# Bush hog driveline question



## Rex Jones (Mar 5, 2018)

hi all,

I have a Howse C606HN bush hog that broke a shear pin and threw the driveshaft off the spline at the gearbox. Now I cannot get the driveshaft yoke back on the gearbox spline. Can someone look at the pic and tell me if a piece is missing? Do I just need to use a bigger hammer and some grease? Thanks, Rex


----------



## RC Wells (Dec 26, 2008)

No hammer, that will make it worse. Get some abrasive cloth, used to call it crocus cloth, comes in long strips and every auto parts place will have it. Take that abrasive cloth and polish off the rough material that welded itself to the gearbox shaft, drive out the broken shear pin, clean the inside of the yoke just enough that the chunks are gone, then lightly oil and slide the yoke collar back on the shaft and install your new shear pin.


----------



## Rex Jones (Mar 5, 2018)

Thank you, RC! I will try it when I get back home and let everybody know how it went.


----------



## Rex Jones (Mar 5, 2018)

Hey all, just a follow up on this issue.
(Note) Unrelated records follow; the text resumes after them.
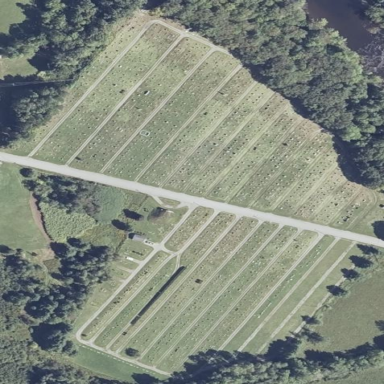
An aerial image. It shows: Cemetery.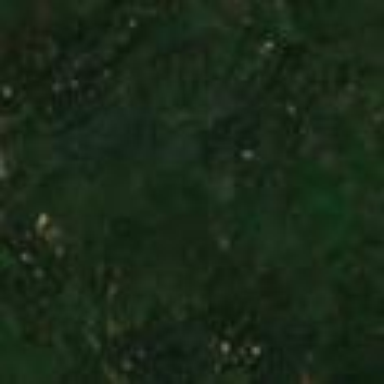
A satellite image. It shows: Orchard growing rubber crops.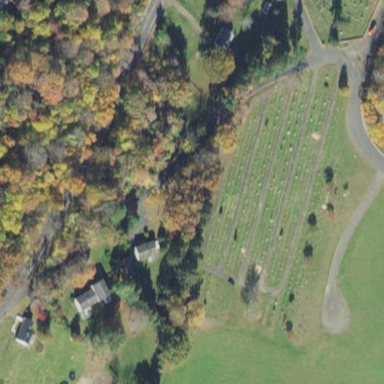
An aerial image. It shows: Cemetery area categorized as cemetery.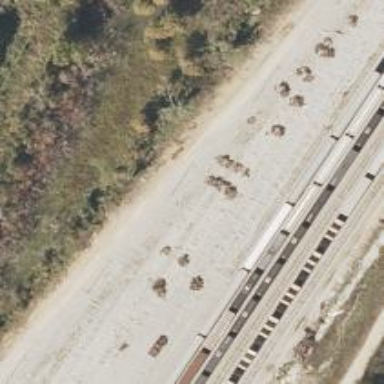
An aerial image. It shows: Abandoned railway yard is depicted.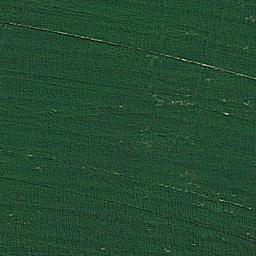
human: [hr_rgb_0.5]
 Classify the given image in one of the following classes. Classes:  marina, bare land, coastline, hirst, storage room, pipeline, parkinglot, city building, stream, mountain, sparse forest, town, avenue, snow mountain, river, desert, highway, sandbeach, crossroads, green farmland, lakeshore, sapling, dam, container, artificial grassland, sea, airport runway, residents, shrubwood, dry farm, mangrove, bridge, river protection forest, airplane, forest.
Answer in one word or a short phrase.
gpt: artificial grassland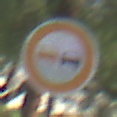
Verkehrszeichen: Ueberholverbot
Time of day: MorningAfternoon
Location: Outdoor (Urban)
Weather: PartlyCloudy
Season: NotSpecified
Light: Natural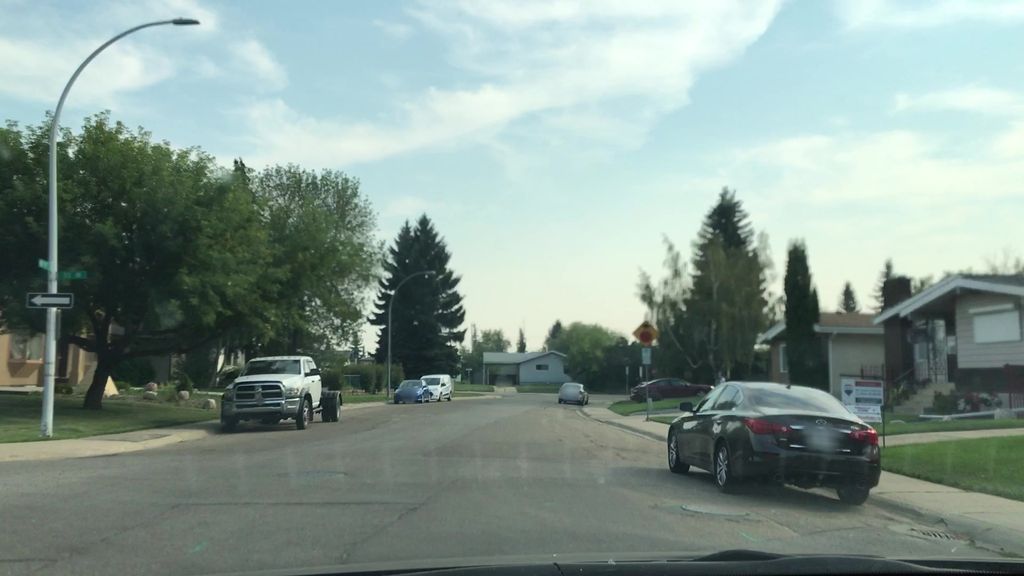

I finally figured out that I had boogered up the inner sleeve of the yoke. Basically a ridge of metal had been formed that was preventing the yoke from going on. So I got a die grinder and a coarse stone and ground the heck out of that inner sleeve. When I got that smoothed out, I coated the sleeve and spline with grease and the driveshaft yoke went right on. Thanks for your help, RC!


----------